Moreover, I love how the characters’ opening narration begins and ends the same but highlights the differences in their personalities. This narration drives home the first issue’s notion that these disparate characters have more in common than meets the eye. Their goals mirror one another, and this issue’s artwork goes a long way in visually representing this idea. The two-page spread of Barry and Arthur’s attacks on the invader is perfection. Georgiev’s artwork illustrates how their strategies are different, but the punchline of this sequence is a haymaker from both heroes. In an issue full of outstanding artwork, these pages are my favorite.
Following Barry’s failure to defeat the Void using temperature and gravity, our heroes travel to Atlantis’s Central Core to use Mera’s analysis unit to learn more about this threat. In this sequence, we learn the truth behind the invader’s presence: they hunt and eat the Speed Force. I love how Barry’s narration is both analytical and fast-paced throughout this sequence. As a result, Collin Kelly and Jackson Lanzing have perfectly captured his characterization. Additionally, Troy Peteri’s letters on Flash’s dialogue expertly convey the character’s cadence and personality.
After learning the Voidsong’s secret, Aquaman and The Flash confront one of the Void’s ships above Atlantis. Despite their success in freeing Atlantis from the Voidsong’s horrific harmony, something is eating away at the Scarlet Speedster. Instead of pursuing the Fastest Man Alive, the Void’s ships went straight for the heart of Atlantis. It is during this moment that we learn Aquaman’s horrible secret. Stealing Barry’s personal data, he has constructed Typhon, a spaceship powered by the Speed Force. Arthur’s dream is for his people to travel to the final frontier.
This goal makes sense, I suppose, because space is an ocean of stars. With this reveal, Collin Kelly and Jackson Lanzing have done an excellent job grounding the conflict in the strained relationship between these two characters. Although I find the Void scientifically fascinating, I am wholly invested in reading the fallout from this revelation and hopeful for the duo’s reconciliation.
“What did you do?”
Although I have previously discussed Aquaman and The Flash: Voidsong #2’s artwork, I would be remiss if I did not mention Rain Beredo’s colors. Beredo’s colors perfectly capture the balance between our heroes’ bright colors and the Void’s darkness. It’s a juxtaposition necessary for contrasting our heroes’ hope with the invader’s dark desires. One sequence depicts Aquaman and the Flash going to the Void’s church.
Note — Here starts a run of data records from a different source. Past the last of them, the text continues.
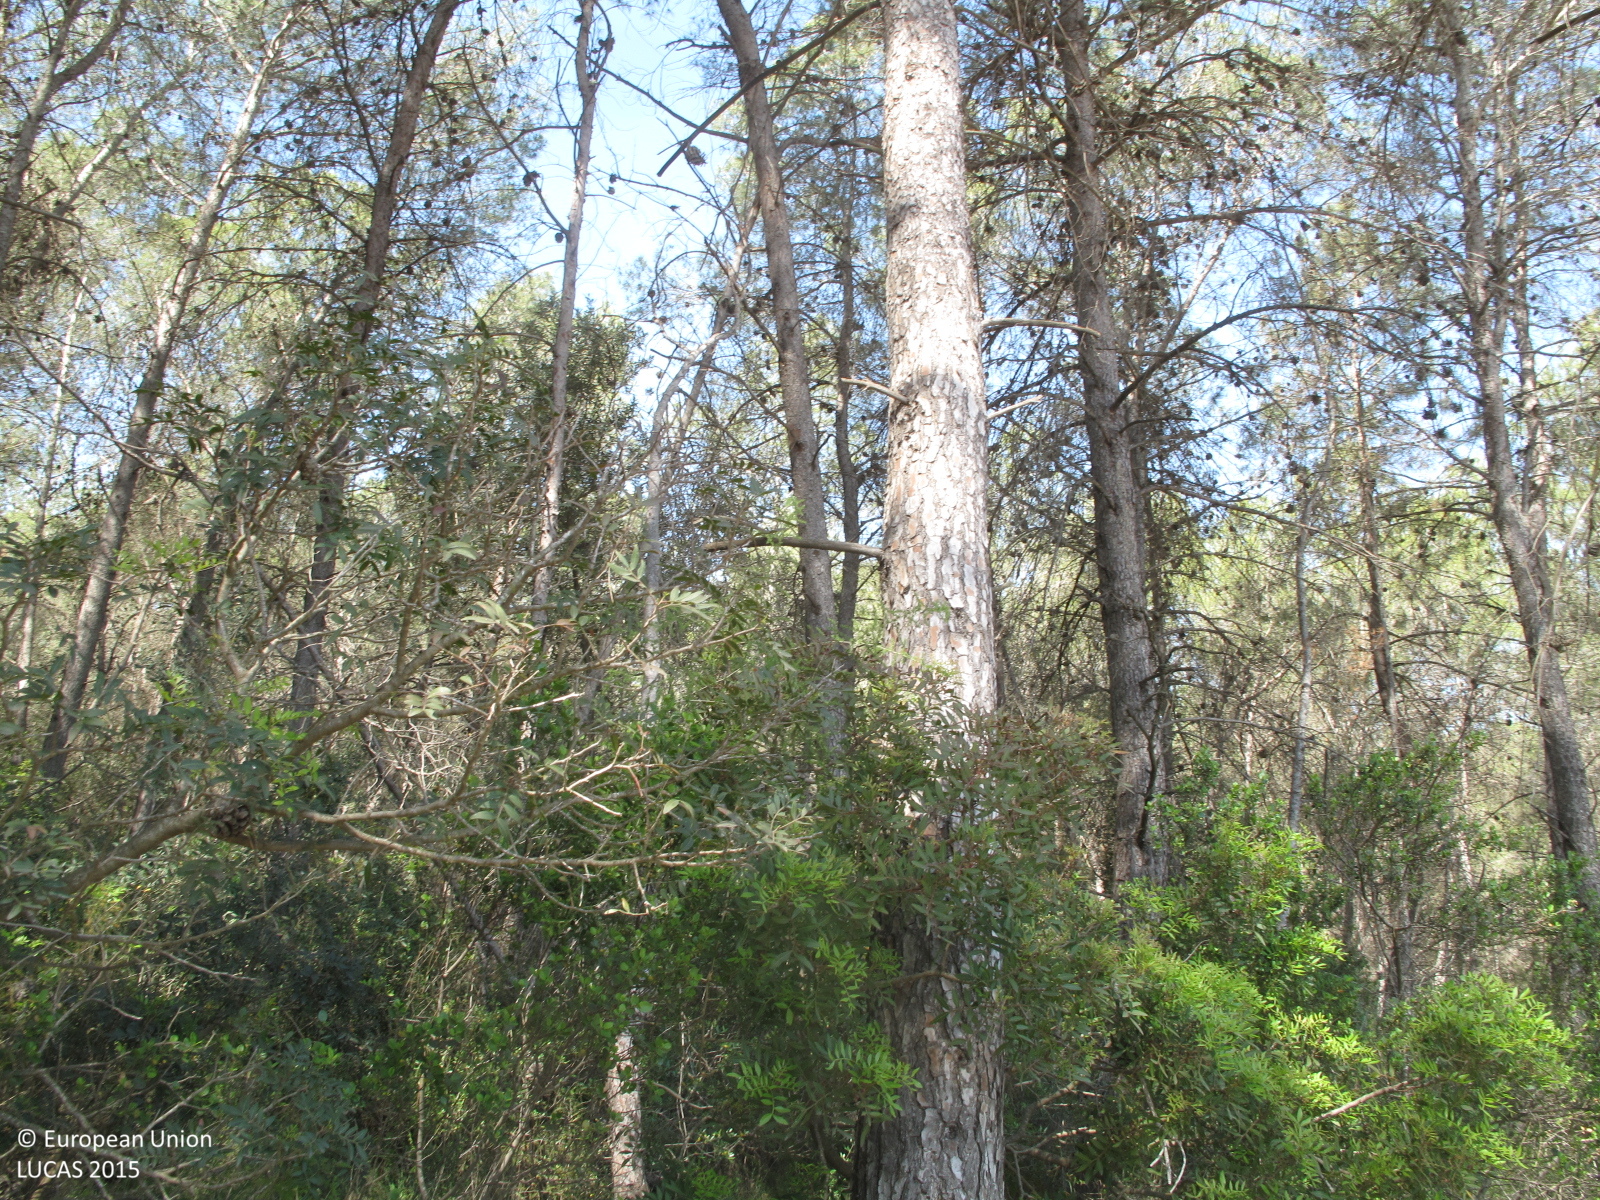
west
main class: Woodland
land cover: Pine dominated coniferous woodland
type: coniferous forest of the mediterranean region
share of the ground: > 75 %
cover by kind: coniferous forest trees 90 %, shrubs 10 %
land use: Semi-natural and natural areas not in use
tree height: > 5 m
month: May
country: ES
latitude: 38.9489
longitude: -0.5500

Beredo’s work gives this corrupt cathedral an ethereal, stained glass appearance. These panels are hauntingly beautiful.
If I had to nitpick with this issue, one of my only complaints is with Flash’s appearance in a few panels. At times, the Fastest Man Alive’s cowl has a shape that feels off. As a result, the top of his head feels disproportionate to his face. This gripe is minor, however, and it does not hurt the overall story.
Constructed on finely tuned characterization, Aquaman and The Flash: Voidsong #2 is a beautiful hymn of relationship building and betrayal. Kelly and Lanzing wisely allow the relationship between these two heroes to propel the plot. As a result, Aquaman and The Flash: Voidsong #2 strikes the perfect balance between narrative progression and character exploration. Georgiev’s artwork does an excellent job illustrating how the heroes’ strategies are different, but their punchline remains the same. Additionally, Beredo’s colors perfectly capture the balance between our heroes’ bright colors and the Void’s darkness.